Share your dilemmas and get honest opinions from other Mumsnetters.

Has getting an ASD diagnosis been good or bad for you/your child?

107 replies

frazzledmum101 · 04/10/2018 09:51

I have finally started the process to get my dd a diagnosis for asd.

I am sure it is for the best really, but I am a bit overwhelmed by it all. I'm worried my dd will be 'labelled', 'othered', 'given up on'. I guess I am struggling to accept it if I'm honest.

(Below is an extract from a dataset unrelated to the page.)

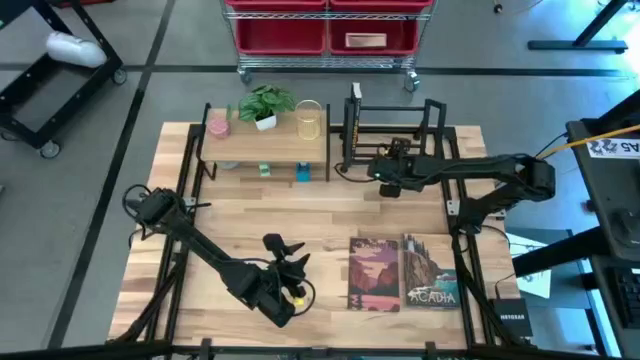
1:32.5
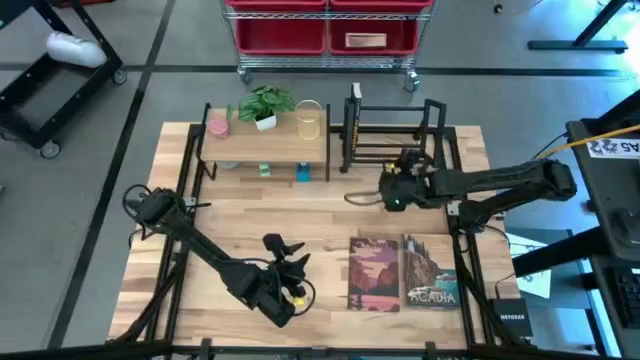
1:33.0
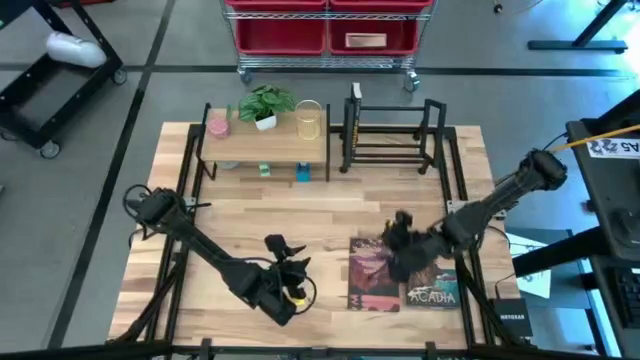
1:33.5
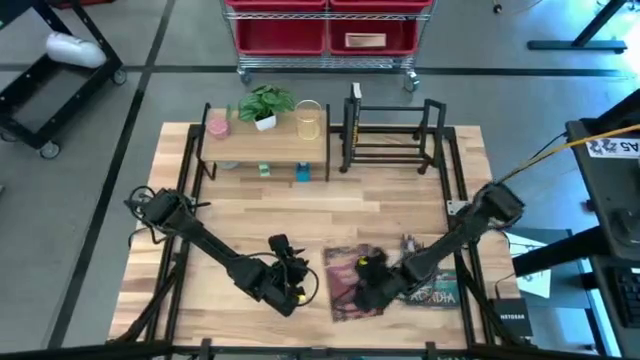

If you have a diagnosis yourself or one for your child. Has it helped? Has it been a good or a bad thing in the long run? (Please be kind - I'm trying to do the right thing by dd)

OP posts:
AamdC · 04/10/2018 10:22

Well my child has severe autism and learning disabillities its not a label its a diagnosis and regardless of whetr your child maybe onnthe spectrum it should help with accessing support

minisoksmakehardwork · 04/10/2018 10:25

We are in the system for diagnosis at the moment with one, possibly two of our children. We choose to see diagnosis as a key rather than a label. A key that will help us access support we currently cannot as they are not diagnosed on paper yet.

AlexanderHamilton · 04/10/2018 10:27

It has been instrumental in accessing support. Also for dd it really helped her mentally to know there was a reason why she felt "different"

worridmum · 04/10/2018 10:28

It opened the doors for the right support for my children, so it was a great thing though some of my parents generation said why would i want them labelled (they had HFA as my children are not as worse of as their cusion whom has severe autism).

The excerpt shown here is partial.